Problem description ->
For the records below, give the number of lines containing the word "rect" and no other text.

Recorded data ->
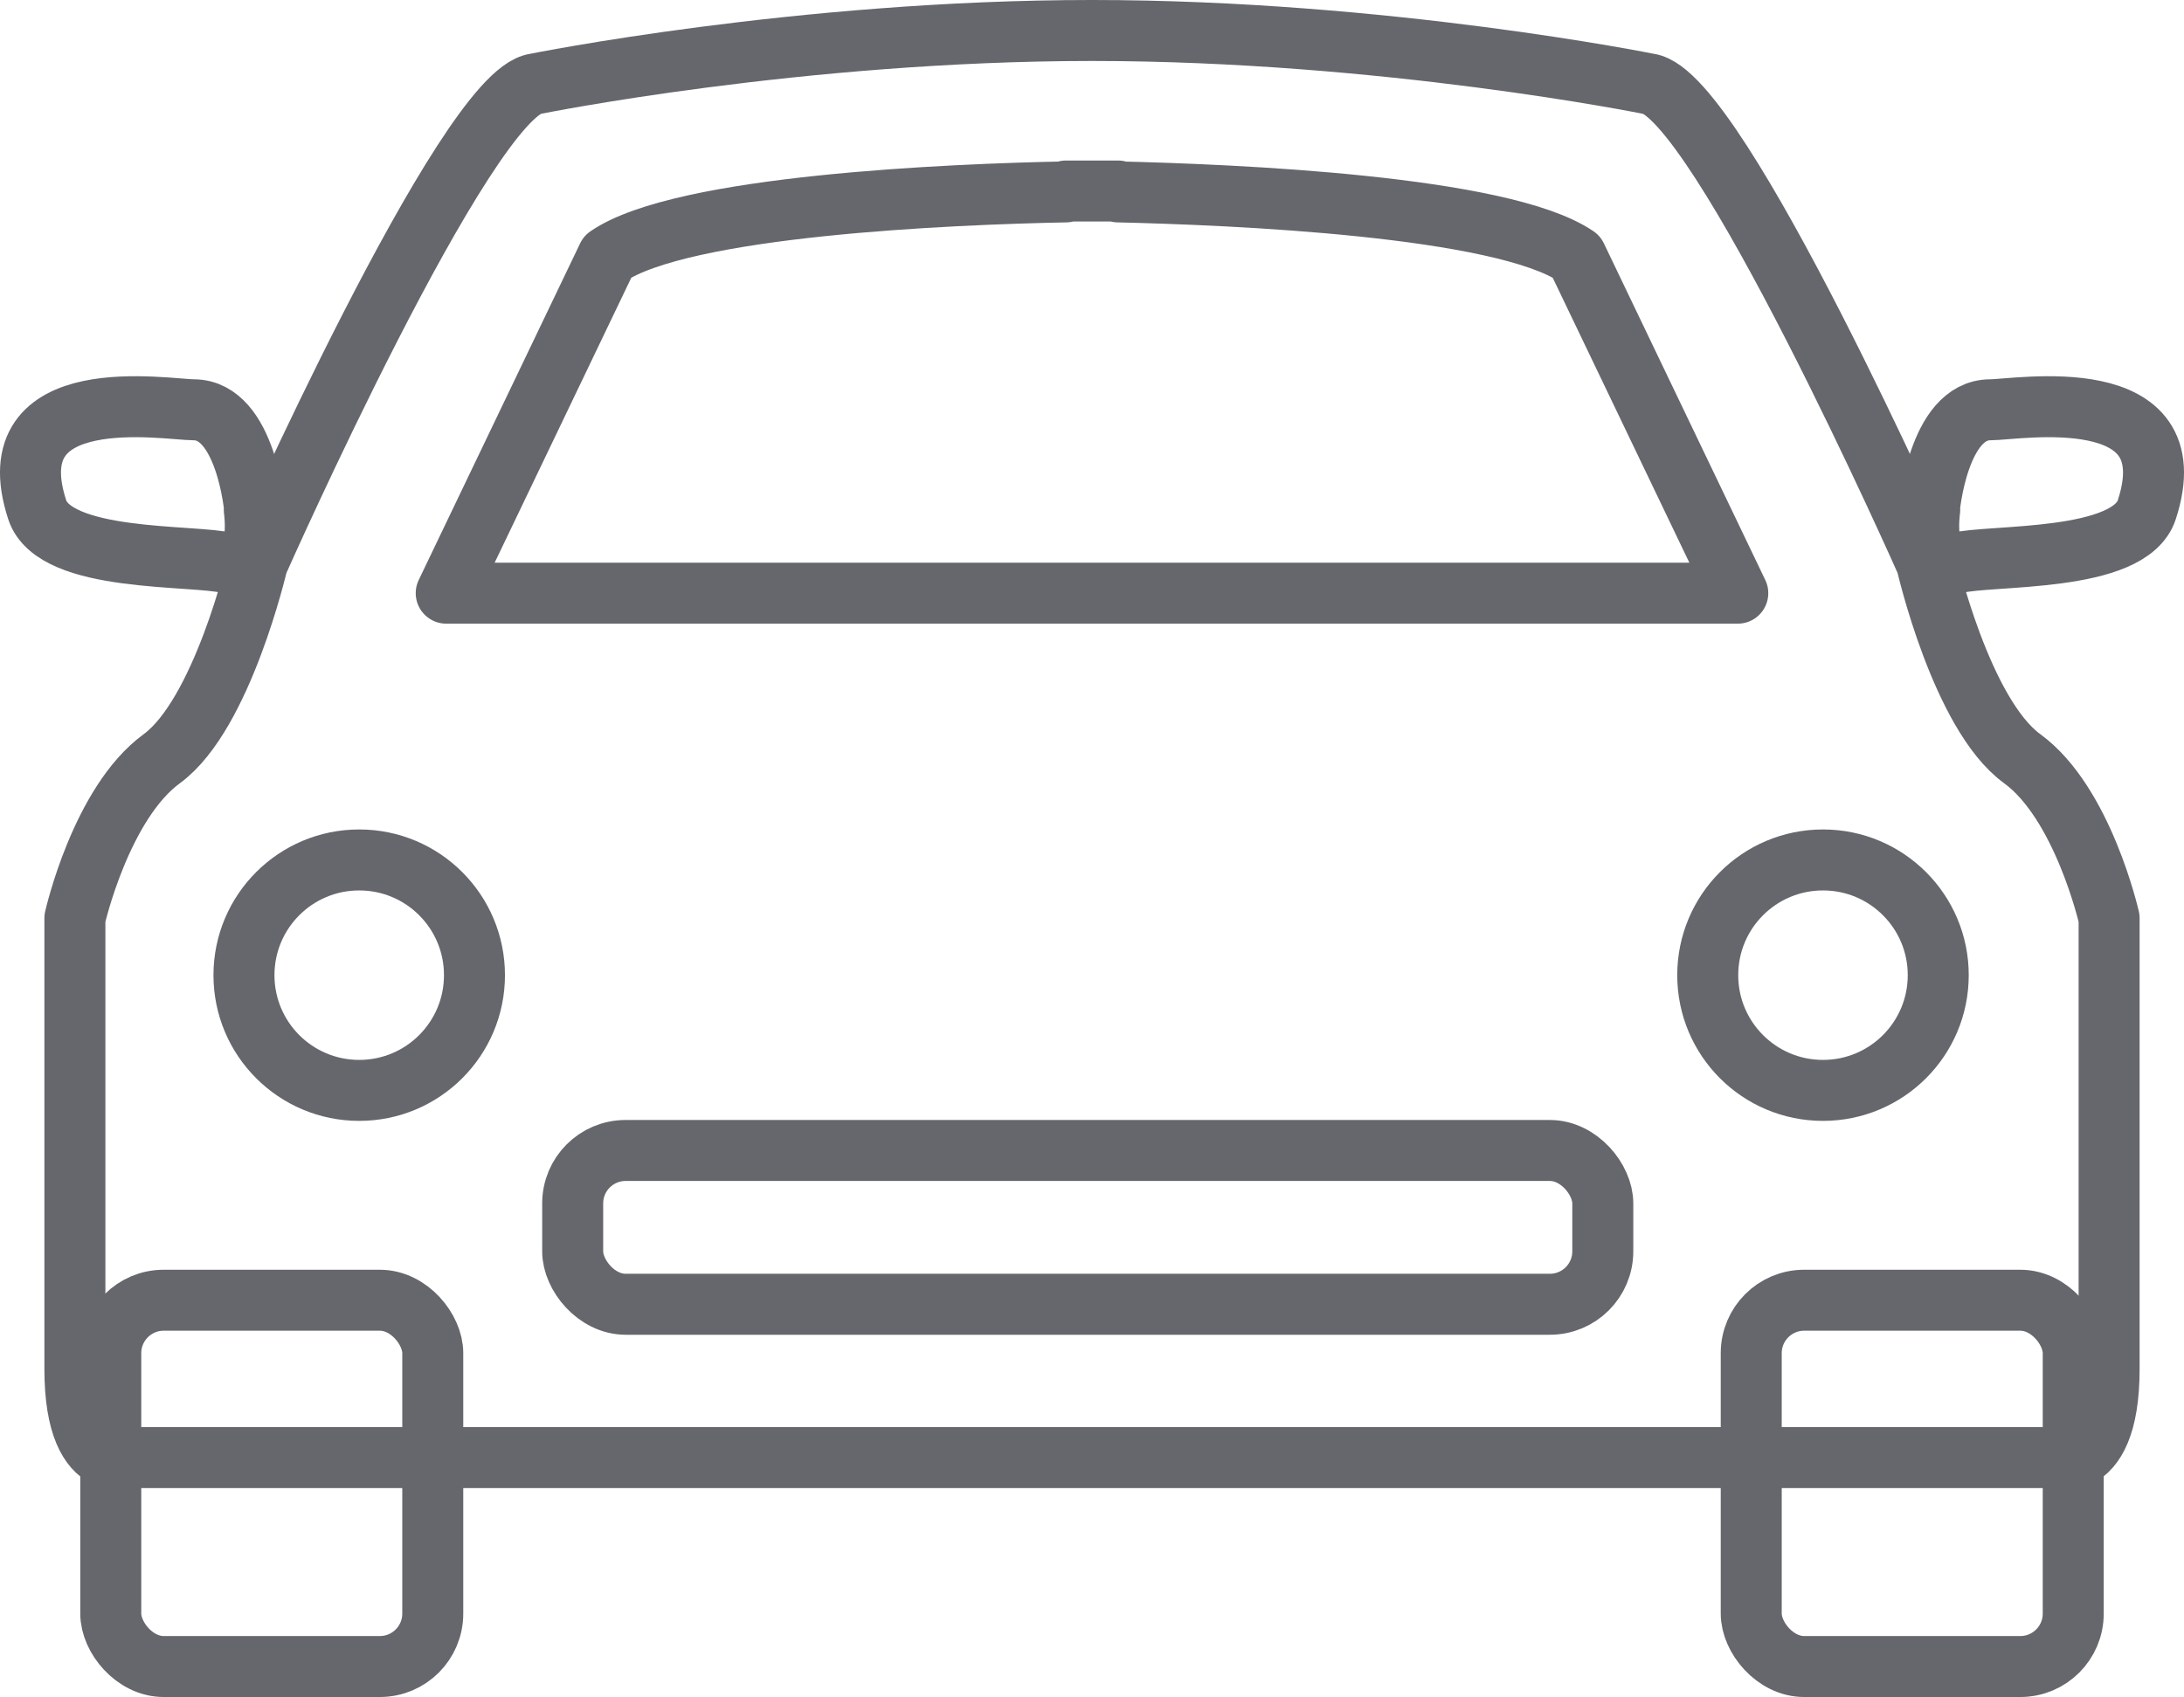 <?xml version="1.0" encoding="UTF-8"?>
<svg id="Layer_1" data-name="Layer 1" xmlns="http://www.w3.org/2000/svg" viewBox="0 0 48.7 37.85">
  <defs>
    <style>
      .cls-1 {
        fill: none;
        stroke: #65676c;
        stroke-linejoin: round;
        stroke-width: 1.36px;
      }
    </style>
  </defs>
  <g>
    <path class="cls-1" d="M5.68,11.37s-.19-2.23-1.36-2.23c-.6,0-4.44-.68-3.49,2.23,.39,1.19,3.49,.99,4.26,1.19,.78,.2,.58-1.19,.58-1.19Z"/>
    <path class="cls-1" d="M43.02,11.37s.19-2.23,1.36-2.23c.6,0,4.44-.68,3.49,2.23-.39,1.19-3.49,.99-4.26,1.19-.78,.2-.58-1.19-.58-1.19Z"/>
    <rect class="cls-1" x="2.47" y="29" width="7.18" height="8.17" rx="1.18" ry="1.18"/>
    <rect class="cls-1" x="39.05" y="29" width="7.18" height="8.17" rx="1.18" ry="1.18"/>
    <path class="cls-1" d="M45.09,16.92c-1.36-.99-2.13-4.36-2.13-4.36,0,0-4.65-10.5-6.2-10.69,0,0-5.89-1.19-12.41-1.19S11.94,1.87,11.94,1.87c-1.55,.2-6.2,10.69-6.2,10.69,0,0-.78,3.37-2.13,4.36-1.36,.99-1.94,3.56-1.94,3.56v10.05c0,2.58,1.36,1.98,1.36,1.98H45.67s1.36,.59,1.36-1.98v-10.05s-.58-2.57-1.94-3.56Z"/>
    <path class="cls-1" d="M10.58,21.75c0,1.42-1.15,2.57-2.57,2.57s-2.57-1.15-2.57-2.57,1.15-2.57,2.57-2.57,2.57,1.15,2.57,2.57Z"/>
    <path class="cls-1" d="M38.08,21.75c0,1.42,1.15,2.57,2.57,2.57s2.57-1.15,2.57-2.57-1.15-2.57-2.57-2.57-2.57,1.15-2.57,2.57Z"/>
    <rect class="cls-1" x="12.77" y="25.66" width="22.97" height="3.43" rx="1.18" ry="1.18"/>
  </g>
  <path class="cls-1" d="M35.15,5.72c-1.66-1.13-7.66-1.38-10.22-1.44v-.02s-.22,0-.58,0c-.37,0-.58,0-.58,0v.02c-2.56,.05-8.56,.3-10.22,1.44l-3.6,7.51h28.8l-3.6-7.51Z"/>
</svg>

Your solution ->
3